§ Aim of the task: All lines below must be repeated exactly, with the pictures omitted.

§ Stored items:
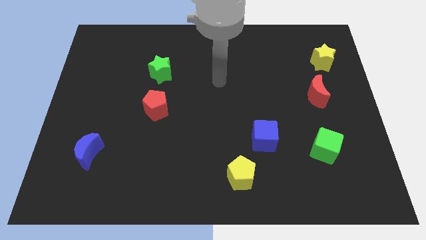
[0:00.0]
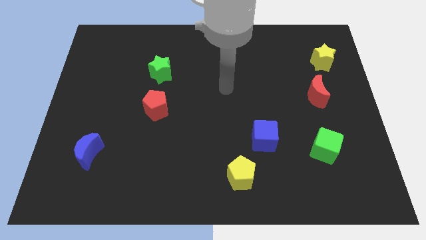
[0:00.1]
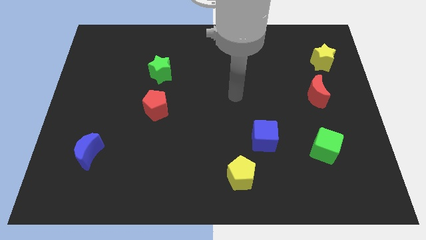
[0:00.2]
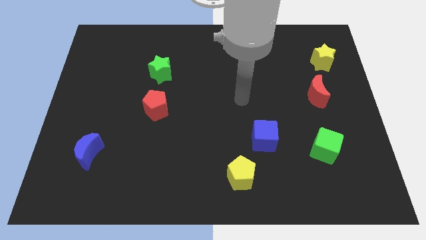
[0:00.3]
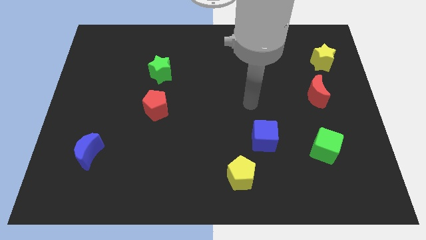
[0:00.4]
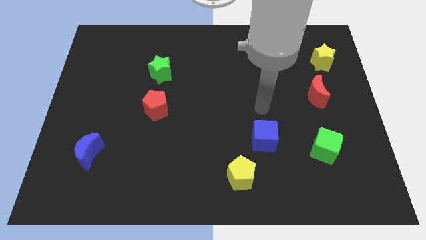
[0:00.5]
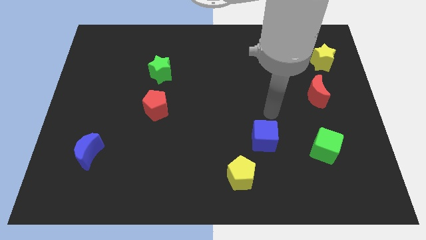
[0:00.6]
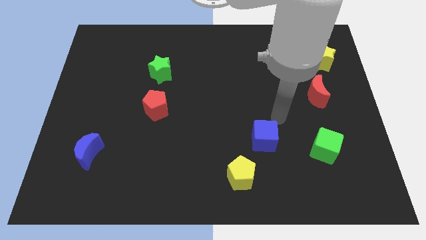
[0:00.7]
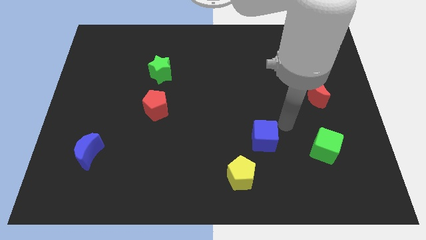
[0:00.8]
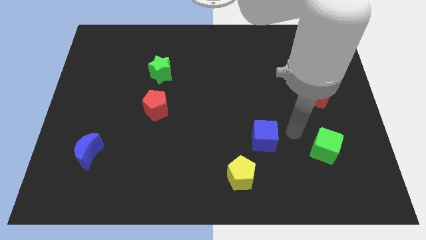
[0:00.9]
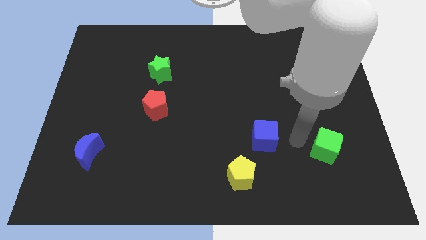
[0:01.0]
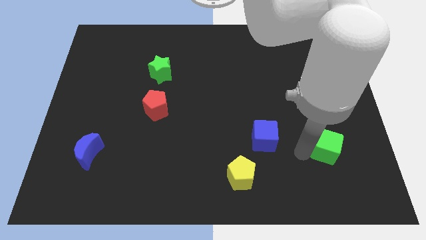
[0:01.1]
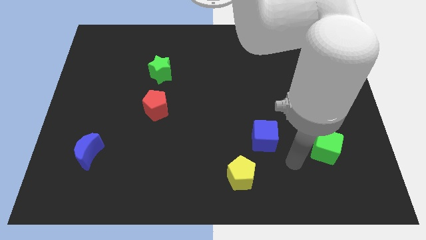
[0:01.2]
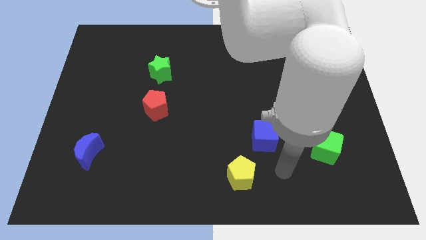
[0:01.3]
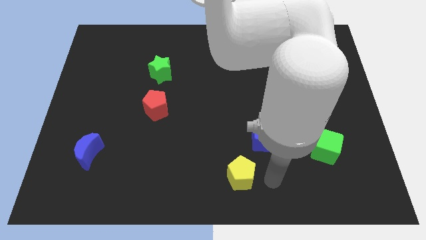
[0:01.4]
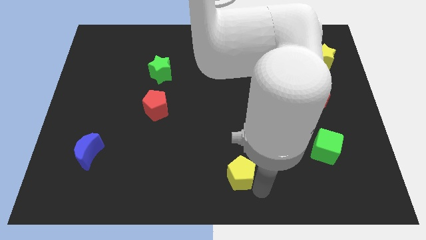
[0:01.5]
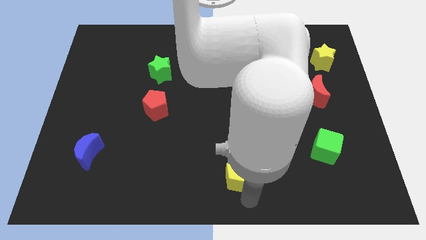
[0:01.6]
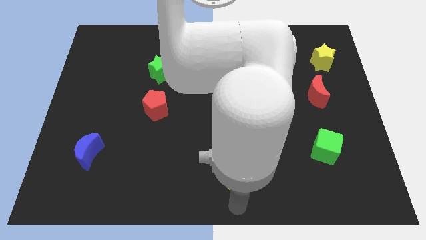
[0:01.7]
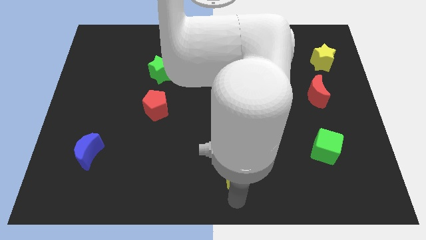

§ Response:
[0:00.0]
[0:00.1]
[0:00.2]
[0:00.3]
[0:00.4]
[0:00.5]
[0:00.6]
[0:00.7]
[0:00.8]
[0:00.9]
[0:01.0]
[0:01.1]
[0:01.2]
[0:01.3]
[0:01.4]
[0:01.5]
[0:01.6]
[0:01.7]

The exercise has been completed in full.